- **About this exercise**
Exact copies of the lines below are the goal; any images in them are dropped.
--- START ---
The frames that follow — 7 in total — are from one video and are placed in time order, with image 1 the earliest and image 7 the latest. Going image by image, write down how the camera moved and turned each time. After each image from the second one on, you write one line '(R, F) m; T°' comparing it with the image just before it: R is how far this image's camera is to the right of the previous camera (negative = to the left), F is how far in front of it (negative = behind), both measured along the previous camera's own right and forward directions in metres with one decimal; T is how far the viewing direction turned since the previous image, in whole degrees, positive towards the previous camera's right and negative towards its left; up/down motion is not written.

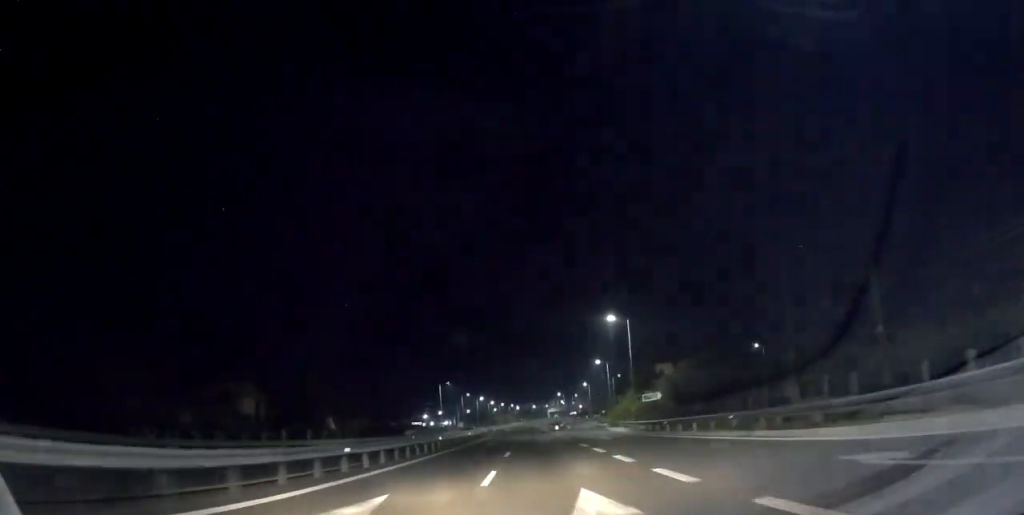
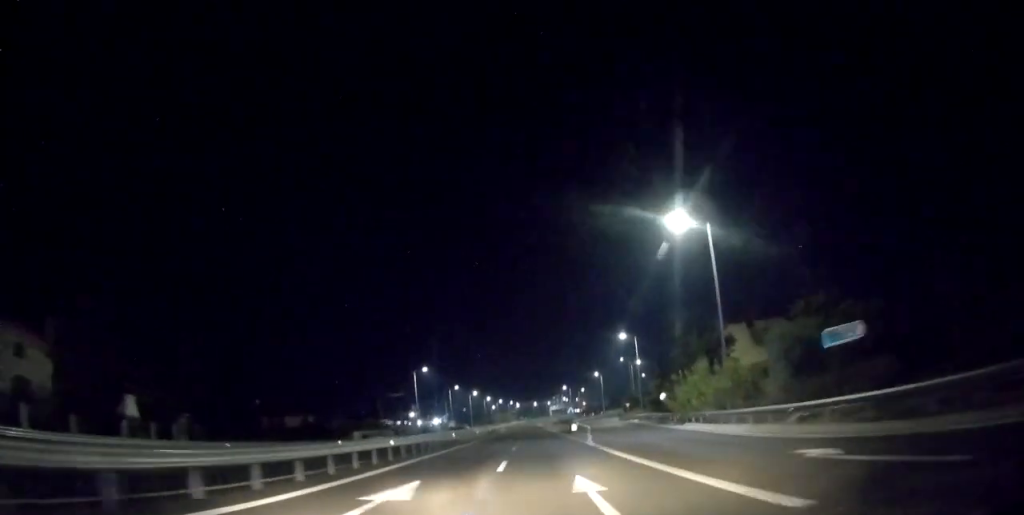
(+0.2, +31.0) m; +1°
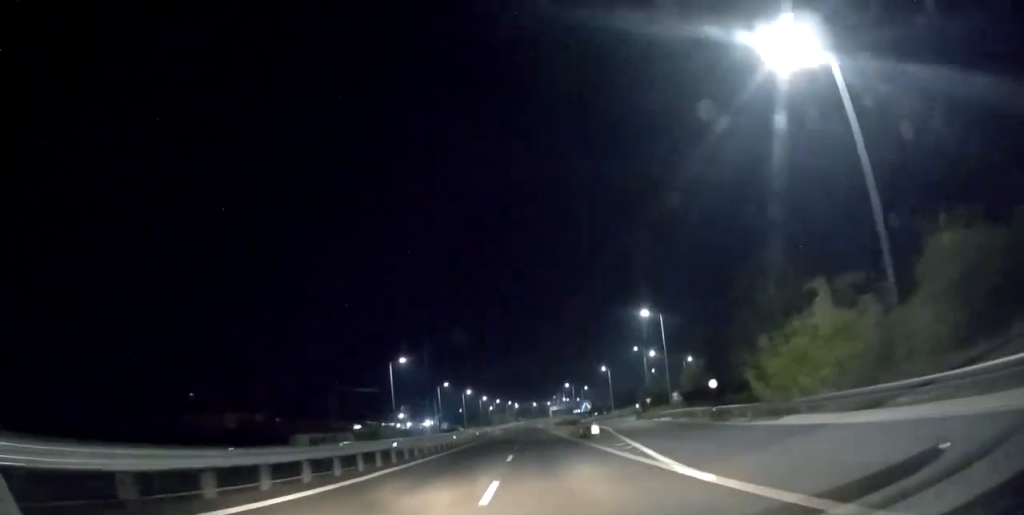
(+0.2, +17.7) m; +1°
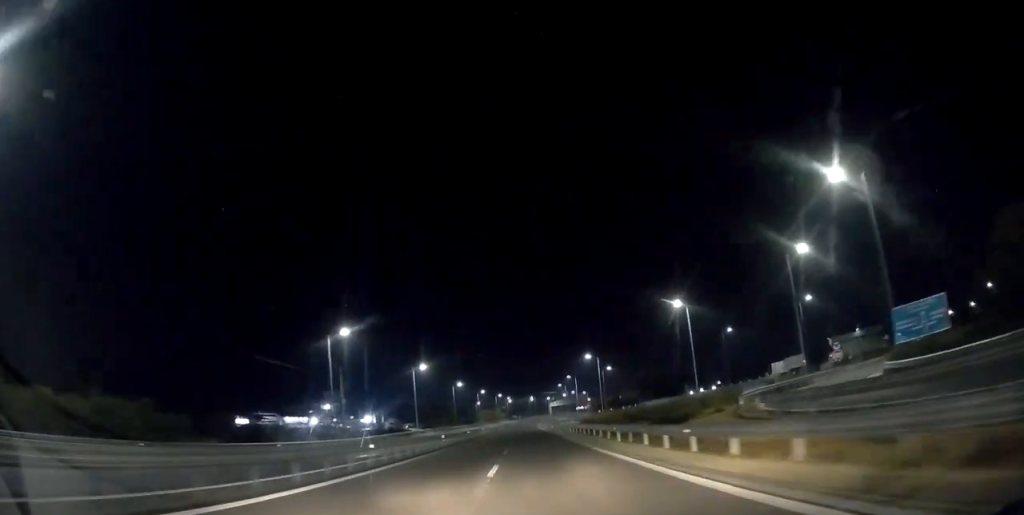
(-1.0, +74.1) m; -1°
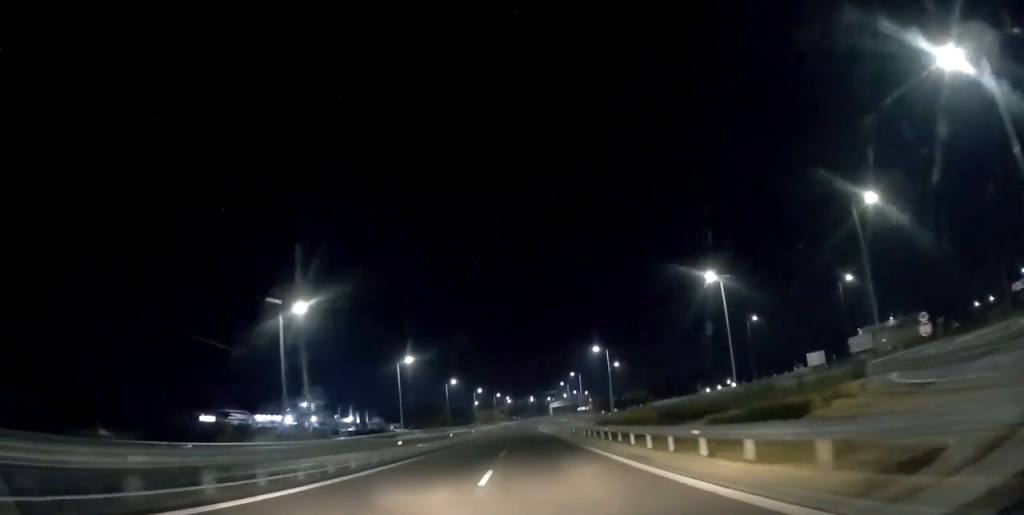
(-0.1, +13.0) m; 0°
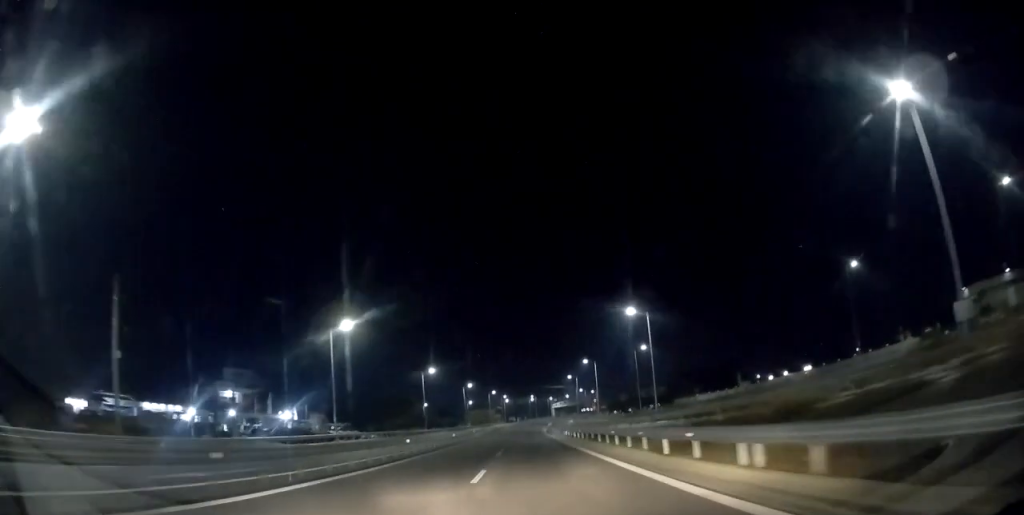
(+0.7, +33.3) m; 0°
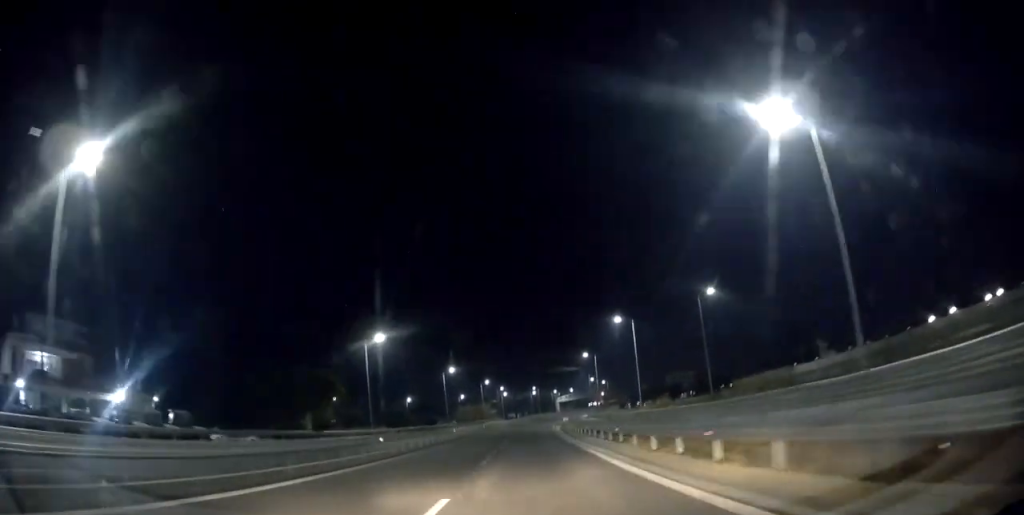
(-0.6, +41.4) m; 0°
--- END ---
- **Completed task**
The frames that follow — 7 in total — are from one video and are placed in time order, with image 1 the earliest and image 7 the latest. Going image by image, write down how the camera moved and turned each time. After each image from the second one on, you write one line '(R, F) m; T°' comparing it with the image just before it: R is how far this image's camera is to the right of the previous camera (negative = to the left), F is how far in front of it (negative = behind), both measured along the previous camera's own right and forward directions in metres with one decimal; T is how far the viewing direction turned since the previous image, in whole degrees, positive towards the previous camera's right and negative towards its left; up/down motion is not written.

(+0.2, +31.0) m; +1°
(+0.2, +17.7) m; +1°
(-1.0, +74.1) m; -1°
(-0.1, +13.0) m; 0°
(+0.7, +33.3) m; 0°
(-0.6, +41.4) m; 0°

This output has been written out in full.